[Directions for this task]: Restate all entries exactly. Skip the images.
++++++++
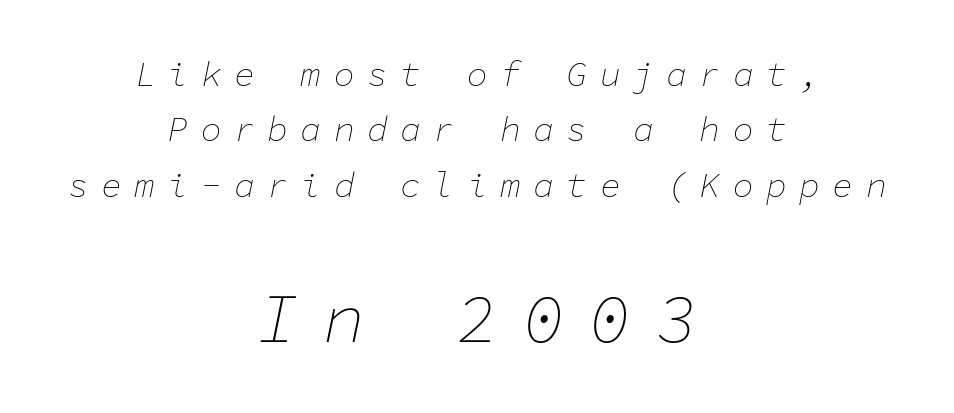
Q: Is the text bold? A: No.
Q: Is the text italic (slanted)? A: Yes, it leans right by about 11 degrees.
Q: Is the text underlined? A: No.
Q: How is the paragraph aligned? A: Centered.
Q: Is the spacing between letters normal or unusually wide? A: Unusually wide.
Q: Is the spacing between lines tight, normal or loose? A: Normal.
Q: Which block of text is set in a larger size, the first (top) or the second (bottom)? A: The second (bottom) one.
Q: Width (condensed, normal, or wide)? A: Normal.
Q: Stroke contrast? A: Low.
Q: x-height? A: Medium.
Q: Monospaced? A: Yes.
++++++++
[Solution to this exercise]:
Q: Is the text bold? A: No.
Q: Is the text italic (slanted)? A: Yes, it leans right by about 11 degrees.
Q: Is the text underlined? A: No.
Q: How is the paragraph aligned? A: Centered.
Q: Is the spacing between letters normal or unusually wide? A: Unusually wide.
Q: Is the spacing between lines tight, normal or loose? A: Normal.
Q: Which block of text is set in a larger size, the first (top) or the second (bottom)? A: The second (bottom) one.
Q: Width (condensed, normal, or wide)? A: Normal.
Q: Stroke contrast? A: Low.
Q: x-height? A: Medium.
Q: Monospaced? A: Yes.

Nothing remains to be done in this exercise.